Oral pain specialists treat complex health issues, according to new survey

Andres Pinto, an orofacial pain and oral medicine specialist at Case Western Reserve University School of Dental Medicine, often feels like the doctor in the television series House, who solves medical mysteries each week.
Pinto is among about 700 facial pain and oral medicine specialists nationally who patients often turn to when their own doctors are unable to identify and treat complex and rare medical conditions. In fact, according to a new study Pinto conducted with input from fellow members of the American Academy of Oral Medicine (AAOM), patients see, on average, 2.2 doctors over 17 months before visiting facial pain and oral medicine specialists, hoping to finally find the cause of their discomfort.

Patients come from as far as the Gulf States to be evaluated and treated by the team of pain specialists at the CWRU dental school–one of just seven inclusive teams nationally and the only one in Ohio with specially trained head and neck radiologists, oral and maxillofacial medicine and orofacial pain clinicians and oral and maxillofacial pathologists all within one clinical setting.

Unfortunately, Pinto said, the delay in getting treatment allows the pain to escalate from acute to the chronic stage, reducing the patient’s quality of life dramatically.

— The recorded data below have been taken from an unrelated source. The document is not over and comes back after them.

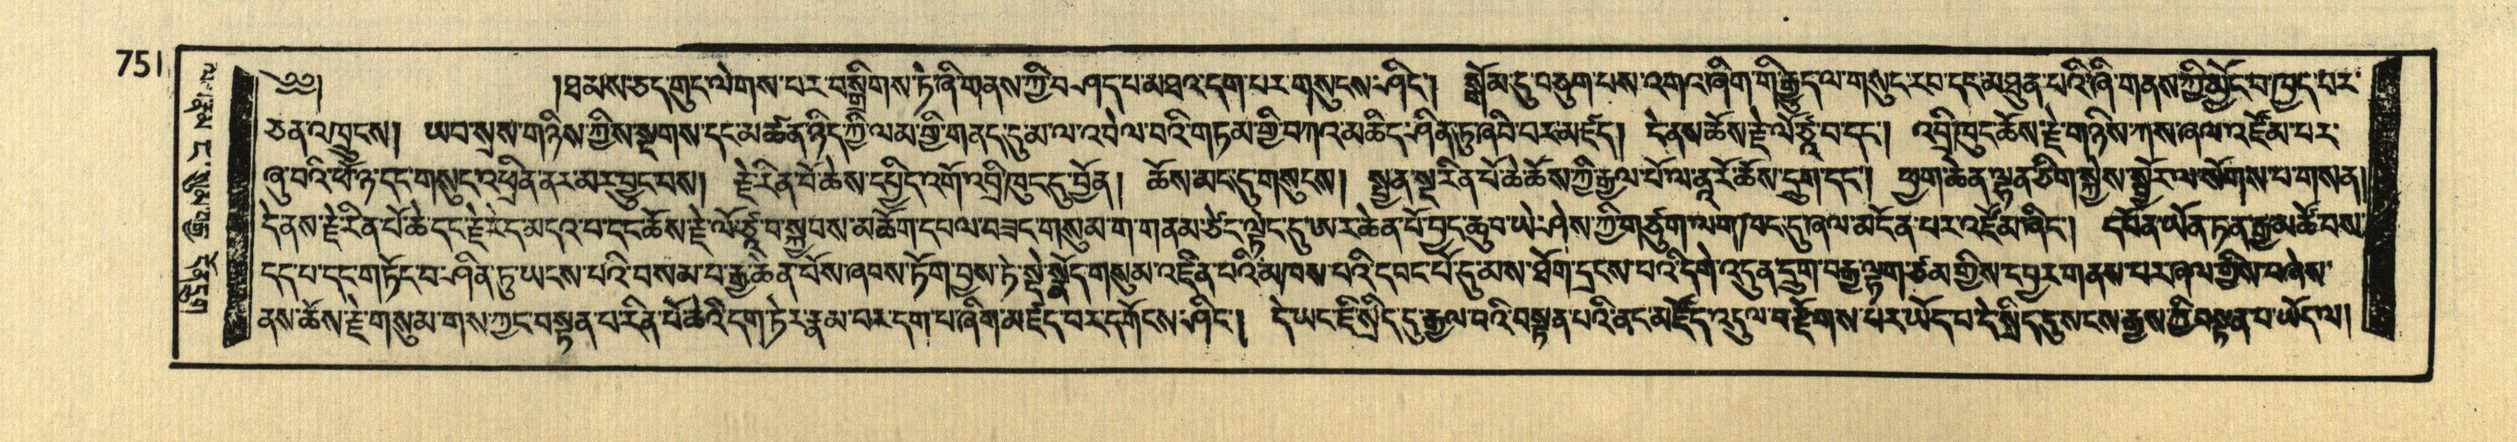༄༅། །ཐམས་ཅད་གུང་ལེགས་པར་བསྒྲིགས་ཏེ་ཞི་གནས་ཀྱི་བཤད་པ་མཐའ་དག་པར་གསུངས་ཤིང་། སྒོམ་དུ་བཅུག་པས་འགའ་ཞིག་གི་རྒྱུད་ལ་གསུང་རབ་དང་མཐུན་པའི་ཞི་གནས་ཀྱི་མྱོང་བ་ཁྱད་པར་
ཅན་འཁྲུངས། ཡབ་སྲས་གཉིས་ཀྱིས་སྔགས་དང་མཚན་ཉིད་ཀྱི་ལམ་གྱི་གནད་དུ་མ་ལ་འབེལ་བའི་གཏམ་གྱི་བཀའ་མཆིད་ཤིན་ཏུ་ཞིབ་བར་མཛད། དེ་ནས་ཆོས་རྗེ་ལོ་ཙཱ་བ་དང་། འབྲི་ཁུང་ཆོས་རྗེ་གཉིས་ཀས་ཞལ་འཛོམ་པར་
ཞུ་བའི་ཕོ་ཉ་དང་གསུང་འཕྲིན་ནར་མར་བྱུང་བས། རྗེ་རིན་བོ་ཆེས་དཔྱིད་འོག་འབྲི་ཁུང་དུ་བྱོན། ཆོས་མང་དུ་གསུངས། སྤྱན་སྔ་རིན་པོ་ཆེ་ཆོས་ཀྱི་རྒྱལ་པོ་ལ་ནཱ་རོ་ཆོས་དྲུག་དང་། ཕྱག་ཆེན་ལྷན་ཅིག་སྐྱེས་སྦྱོར་ལ་སོགས་བ་གསན།
དེ་ནས་རྗེ་རིན་པོ་ཆེ་དང་རྗེ་རེད་མདའ་བ་དང་ཆོས་རྗེ་ལོ་ཙཱ་བ་སྐྱབས་མཆོག་དཔལ་བཟང་གསུམ་ག་གནམ་ཙེང་ལྟེང་དུ་ཨར་ཆེན་པོ་བྱང་ཆུབ་ཡེ་ཤེས་ཀྱི་གཙུག་ལག་ཁང་དུ་ཞལ་མངོན་པར་འཛོམ་ཞིང་། དབོན་ཡོན་ཏན་རྒྱ་མཚོ་བས་
དད་པ་དང་གཏོང་བ་ཤིན་ཏུ་ཡངས་པའི་བསམ་པ་རྒྱ་ཆེན་པོས་ཞབས་ཏོག་བྱས་ཏེ་སྡེ་སྣོད་གསུམ་འཛིན་པའི་མཁས་པའི་དབང་པོ་དུ་མས་ཐོག་དྲངས་པའི་དགེ་འདུན་དྲུག་བརྒྱ་ལྷག་ཙམ་གྱིས་དབྱར་གནས་པར་ཞལ་གྱིས་བཞེས་
ནས་ཆོས་རྗེ་གསུམ་གས་ཀྱང་བསྟན་པ་རིན་པོ་ཆེའི་དག་ཏེར་རྣམ་པར་དག་པ་ཞིག་མཛད་པར་དགོངས་ཤིང་། དེ་ཡང་ཇི་སྲིད་དུ་རྒྱལ་བའི་བསྟན་པའི་ནང་མཛོད་འདུལ་བ་རྫོགས་པར་ཡོད་བ་དེ་སྲིད་དུ་སངས་རྒྱས་ཀྱི་བསྟན་པ་ཡོད་ལ།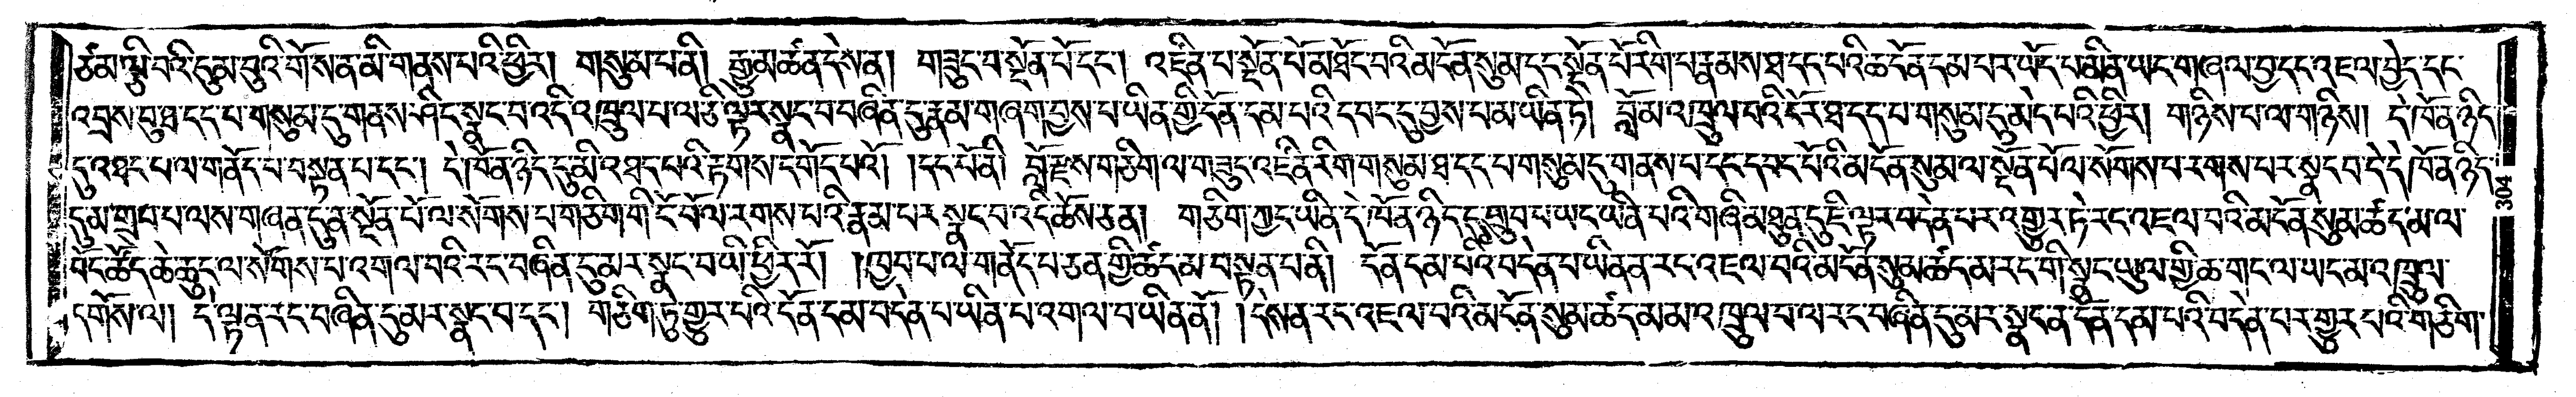ཙམ་ལྕི་བའི་དུ་མ་བུའི་གོ་ས་ན་མི་གནས་པའི་ཕྱིར། གསུམ་པ་ནི། རྒྱུ་མཚན་དེས་ན། གཟུང་བ་སྔོན་པོ་དང་། འཛིན་པ་སྔོན་པོ་མཐོང་བའི་མངོན་སུམ་དང་སྔོན་པོ་རིག་པ་རྣམས་ཐ་དད་པའི་ཆ་དོན་དམ་པར་ཡོད་པ་མིན་ཡང་གཞལ་བྱ་དང་འཇལ་བྱེད་དང་
འབྲས་བུ་ཐ་དད་པ་གསུམ་དུ་གནས་ཤིང་སྣང་བ་འདི་འཁྲུལ་པ་ལ་ཅི་ལྟར་སྣང་བ་བཞིན་དུ་རྣམ་གཞག་བྱས་པ་ཡིན་གྱི་དོན་དམ་པའི་དབང་དུ་བྱས་པ་མ་ཡིན་ཏེ། བློ་མ་འཁྲུལ་བའི་ངོར་ཐ་དད་པ་གསུམ་དུ་མེད་པའི་ཕྱིར། གཉིས་པ་ལ་གཉིས། དེ་ཁོ་ན་ཉིད་
དུ་འཐད་པ་ལ་གནོད་པ་བསྟན་པ་དང་། དེ་ཁོ་ན་ཉིད་དུ་མི་འཐད་པའི་རྟགས་དགོད་པའོ། །དང་པོ་ནི། བློ་རྫས་གཅིག་ལ་གཟུང་འཛིན་རིག་གསུམ་ཐ་དད་པ་གསུམ་དུ་གནས་པ་དང་དབང་པོའི་མངོན་སུམ་ལ་སྔོན་པོ་ལ་སོགས་པ་རགས་པར་སྣང་བ་དེ་དེ་ཁོ་ན་ཉིད་
དུ་མ་གྲུབ་པ་ལས་གཞན་དུ་ན་སྔོན་པོ་ལ་སོགས་པ་གཅིག་གི་ངོ་བོ་ལ་རགས་པའི་རྣམ་པར་སྣང་བ་འདི་ཆོས་ཅན། གཅིག་ཀྱང་ཡིན་དེ་ཁོ་ན་ཉིད་དུ་གྲུབ་པ་ཡང་ཡིན་པའི་གཞི་མཐུན་དུ་ཇི་ལྟར་བདེན་པར་འགྱུར་ཏེ་རང་འཇལ་བའི་མངོན་སུམ་ཚད་མ་ལ་
བོང་ཚོད་ཆེ་ཆུང་ལ་སོགས་པ་འགལ་བའི་རང་བཞིན་དུ་མར་སྣང་བ་ཡི་ཕྱིར་རོ། །ཁྱབ་པ་ལ་གནོད་པ་ཅན་གྱི་ཚད་མ་བསྟན་པ་ནི། དོན་དམ་པའི་བདེན་པ་ཡིན་ན་རང་འཇལ་བའི་མངོན་སུམ་ཚད་མ་རང་གི་སྣང་ཡུལ་གྱི་ཆ་གང་ལ་ཡང་མ་འཁྲུལ་
དགོས་ལ། དེ་ལྟ་ན་རང་བཞིན་དུ་མར་སྣང་བ་དང་། གཅིག་ཏུ་གྱུར་པའི་དོན་དམ་བདེན་པ་ཡིན་པ་འགལ་བ་ཡིན་ནོ། །དེས་ན་རང་འཇལ་བའི་མངོན་སུམ་ཚད་མ་མ་འཁྲུལ་བ་ལ་རང་བཞིན་དུ་མར་སྣང་ན་དོན་དམ་པའི་བདེན་པར་གྱུར་པའི་གཅིག་

Pinto, DMD, MPH, FDS, RCSEd, in the dental school’s Department of Oral and Maxillofacial Medicine and Diagnostics Sciences, heads the university’s orofacial pain and oral medicine group, which tackles ailments with such exotic names as, idiopathic persistent facial pain, oral chemosensory disorders and glossodynia.

To better understand the work by pain specialists at Case Western Reserve and others nationally, Pinto recently led a research team to survey AAOM members.

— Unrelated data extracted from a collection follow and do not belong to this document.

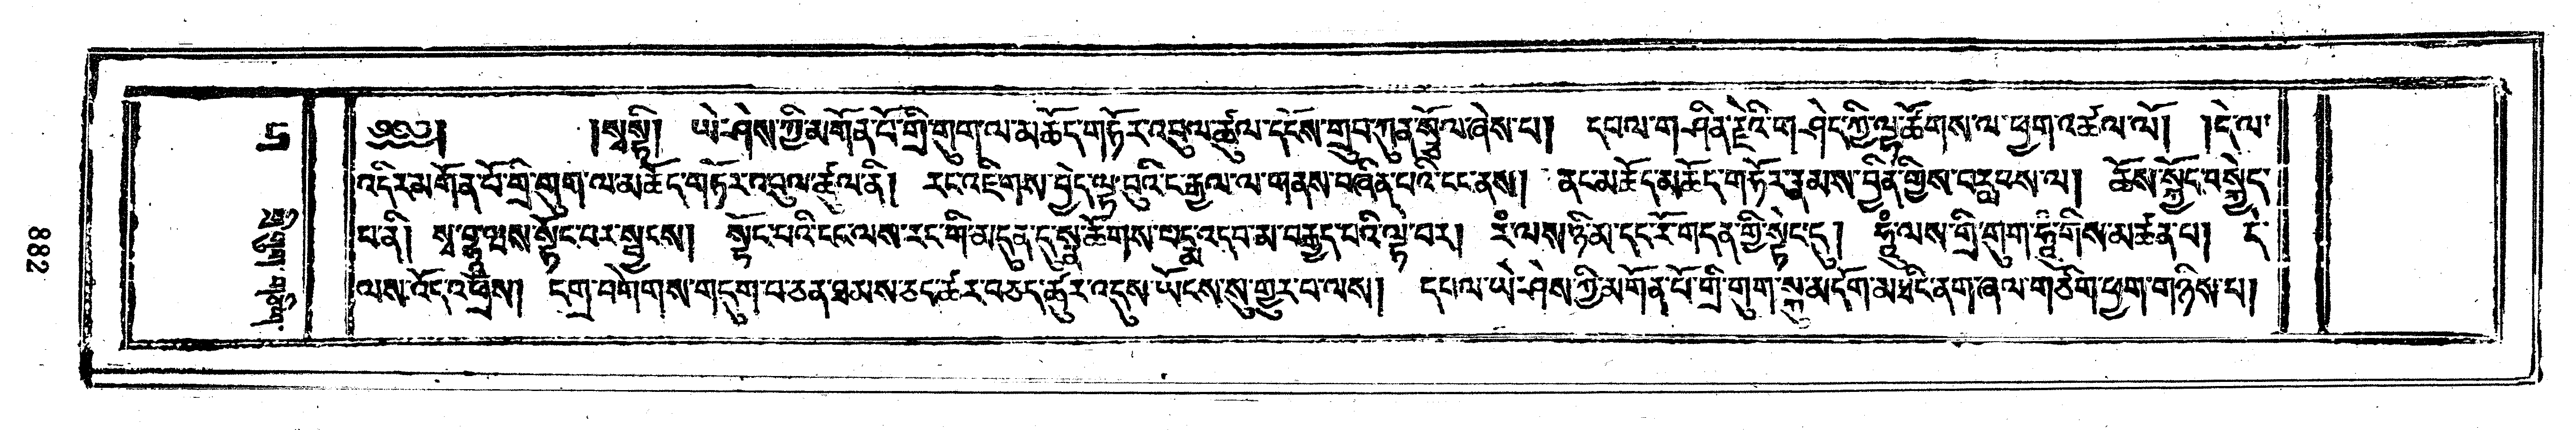༄༅༅། །སྭ་སྟི། ཡེ་ཤེས་ཀྱི་མགོན་པོ་གྲི་གུག་ལ་མཆོད་གཏོར་འབུལ་ཚུལ་དངོས་གྲུབ་ཀུན་སྩོལ་ཞེས་པ། དཔལ་གཤིན་རྗེའི་གཤེད་ཀྱི་ལྷ་ཚོགས་ལ་ཕྱག་འཚལ་ལོ། །དེ་ལ་
འདིར་མགོན་པོ་གྲི་གུག་ལ་མཆོད་གཏོར་འབུལ་ཚུལ་ནི། རང་འཇིགས་བྱེད་ལྟ་བུའི་ང་རྒྱལ་ལ་གནས་བཞིན་པའི་ངང་ནས། ནང་མཆོད་མཆོད་གཏོར་རྣམས་བྱིན་གྱིས་བརླབས་ལ། ཆོས་སྐྱོང་བསྐྱེད་
པ་ནི། སྭ་བྷཱ་ཝས་སྟོང་པར་སྦྱངས། སྟོང་པའི་ངང་ལས་རང་གི་མདུན་དུ་སྣ་ཚོགས་པདམ་འདབ་མ་བརྒྱད་པའི་ལྟ་བར། རཾ་ལས་ཉི་མ་དང་རོ་གདན་གྱི་སྟེང་དུ། ཧཱུཾ་ལས་གྲི་གུག་ཧཱུཾ་གིས་མཚན་པ། དེ་
ལས་འོད་འཕྲོས། དགྲ་བགེགས་གདུག་པ་ཅན་ཐམས་ཅད་ཚར་བཅད་ཚུར་འདུས་ཡོངས་སུ་གྱུར་པ་ལས། དཔལ་ཡེ་ཤེས་ཀྱི་མགོན་པོ་གྲི་གུག་སྐུ་མདོག་མཐིང་ནག་ཞལ་གཅིག་ཕྱག་གཉིས་པ།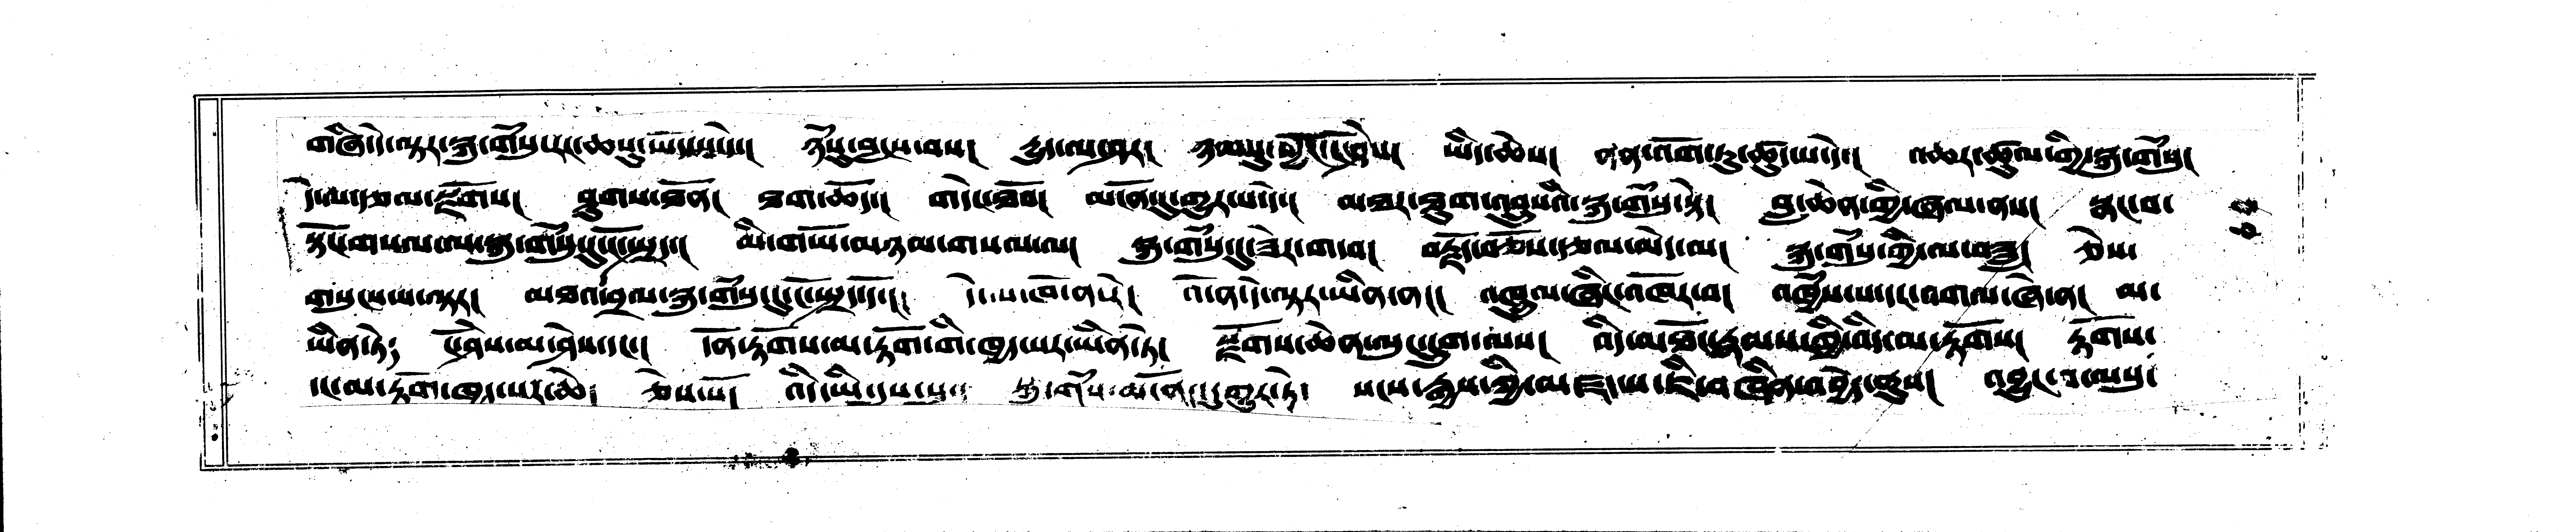གཞི་དེ་ལྟར་སྐུ་གསུམ་རང་ཆས་སུ་ཡོད་པ་དེ་ཉམས་སུ་བླངས་པས། རྒྱུད་ལ་ཤར། ཉམས་སུ་མྱོང་། ངོ་ཤེས་ཡིད་ཆེས་ནན་འོག་ཏུ་ཚུད་པ་དེ་འཆར་ཚུལ་གྱི་སྐུ་གསུམ།
 དེ་ལ་རྩལ་རྫོགས། ཤུགས་ཐོན་ཐག་ཆོད་གདེང་ཐོབ་མངོན་དུ་གྱུར་པ་དེ་མཐར་ཐུག་འབྲས་བུའི་སྐུ་གསུམ་སྟེ། བླ་ཆེན་གྱི་ཞལ་ནས། སྣང་
སྟོང་གསལ་ལ་སྐུ་གསུམ་དུ་ངོ་སྤྲད། མི་གཡོ་མཉམ་གསལ་ལ་སྐུ་གསུམ་དུ་ཟེར་གདབ། བརྗོད་བཅོས་རྩོལ་མེད་ལ། སྐུ་གསུམ་དུ་ལ་བཟླ། ཅེས་
གསུངས་པ་ལྟར། མཐའ་བྲལ་སྐུ་གསུམ་དུ་ངོ་སྤྲད་དོ། །དེ་ལ་ཁོ་ན་རེ། འོ་ན་དེ་ལྟར་ཡིན་ན། འཁྲུལ་ཞིང་འཁོར་བར་འཁྱམས་པ་དང་འགལ་ཞེ་ན། མ་
ཡིན་ཏེ་ངོ་ཤེས་མ་ཤེས་དང་། དོན་རྟོགས་མ་རྟོགས་ཀྱི་ཁྱད་པར་ཡིན་ཏེ། རྫོགས་ཆེན་ལུང་དྲུག་ལས། འདི་མཐོང་རྣམས་ཀྱིས་འདི་མ་རྟོགས། །རྟོགས་
དང་མ་རྟོགས་ཁྱད་པར་ཆེ། །ཞེས་སོ། །འདི་ཡི་དུས་སུ་སྐུ་གསུམ་མངོན་དུ་གྱུར་ཏེ། སངས་རྒྱས་ཀྱི་མཛད་པ་ཇི་བཞིན་འབྱེད་ནུས། འབྱུང་བ་ལས་སུ་

The report, which updates a similar industry survey in 1996 and a national database analysis in 2001, is the first to describe in detail the types of patients the specialists see in the United States and the largest to describe the field’s characteristics, Pinto said.

Practitioners (74 in 20 states) provided information about patient demographics, referring health-care providers, medical issues, diagnoses and themselves.

Among the findings, reported in April’s Oral Surgery, Oral Medicine, Oral Pathology, and Oral Radiology article, “The practice of oral medicine in the United States in the twenty-first century: an update”:

Almost half of the specialists (46 percent) practiced in dental schools. About a third (31 percent) practiced in hospitals, and 18 percent practiced in combined settings. Only 5 percent were in private practice.

Most specialists received referrals from general dentists and otolaryngologists, hematologists, oncologists, radiation oncologists, rheumatologists and dermatologists. If postdoctoral training in oral medicine and facial pain management is offered, more patients in that particular state will be referred for the services.

The leading cause of the referral was oral lesions, followed by orofacial pain, dry mouth, burning mouth and oral sores or ulcers. The tongue and gums were predominant sites for pain, but less so for teeth and lips. About one-third of the referred patients reported pain in at least two locations.(more)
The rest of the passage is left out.